Test-Time Training with Quantum Auto-Encoder: From Distribution Shift to Noisy Quantum Circuits

TL;DR

This paper introduces a test-time training method using quantum auto-encoders to adapt to data distribution shifts and mitigate quantum circuit noise, enhancing robustness and performance in quantum machine learning.

Contribution

The paper presents a novel test-time training framework with quantum auto-encoders that addresses distribution shifts and noise in quantum circuits, supported by theoretical guarantees.

Findings

QTTT improves robustness against data shifts.

QTTT effectively reduces quantum circuit noise.

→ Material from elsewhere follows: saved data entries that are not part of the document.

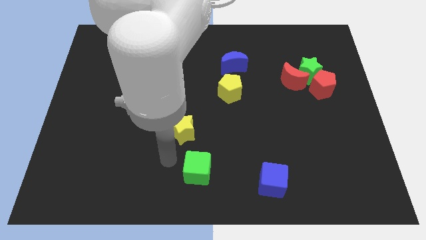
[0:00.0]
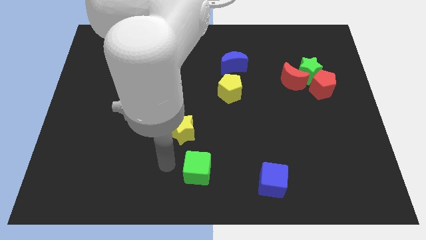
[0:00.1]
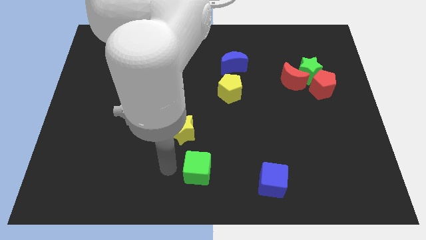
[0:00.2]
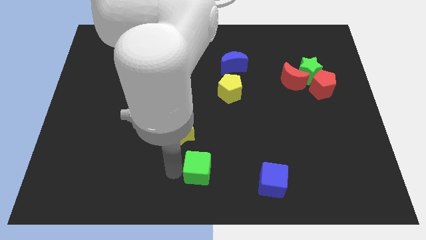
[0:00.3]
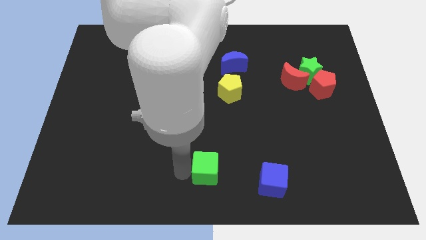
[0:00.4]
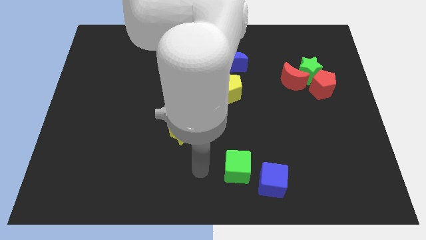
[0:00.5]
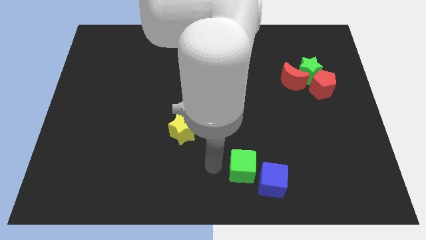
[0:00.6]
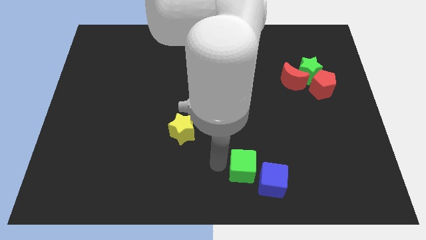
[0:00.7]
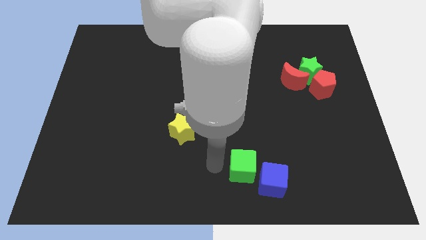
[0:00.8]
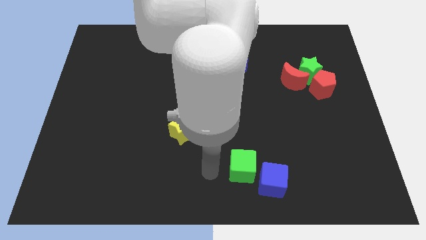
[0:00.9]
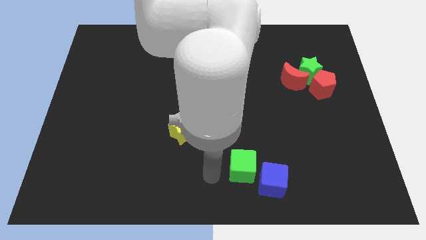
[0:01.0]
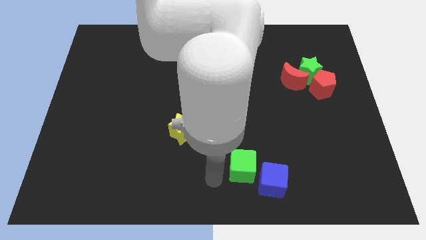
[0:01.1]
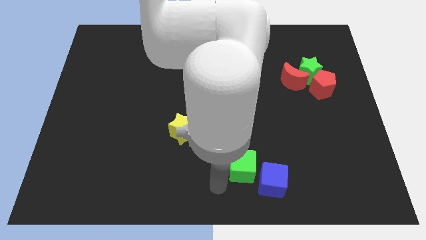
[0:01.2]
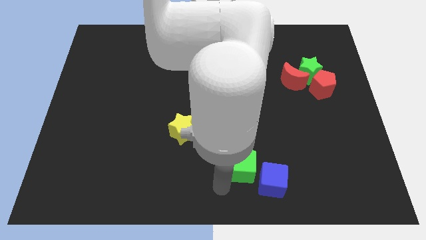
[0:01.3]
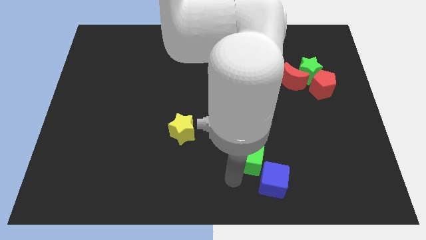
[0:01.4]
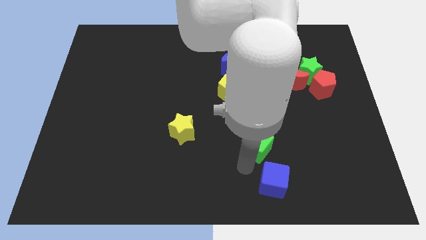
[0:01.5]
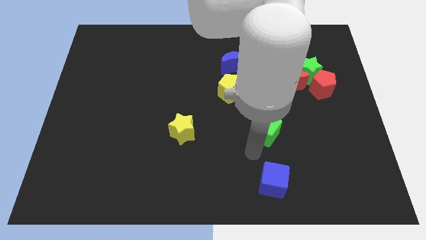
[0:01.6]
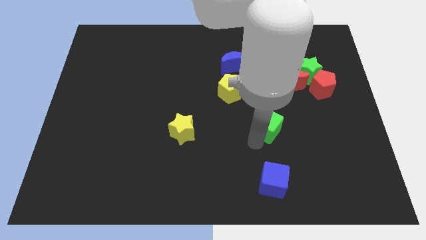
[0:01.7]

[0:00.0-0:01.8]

Theoretical performance guarantees are established.

Abstract

In this paper, we propose test-time training with the quantum auto-encoder (QTTT). QTTT adapts to (1) data distribution shifts between training and testing data and (2) quantum circuit error by minimizing the self-supervised loss of the quantum auto-encoder. Empirically, we show that QTTT is robust against data distribution shifts and effective in mitigating random unitary noise in the quantum circuits during the inference. Additionally, we establish the theoretical performance guarantee of the QTTT architecture. Our novel framework presents a significant advancement in developing quantum neural networks for future real-world applications and functions as a plug-and-play extension for quantum machine learning models.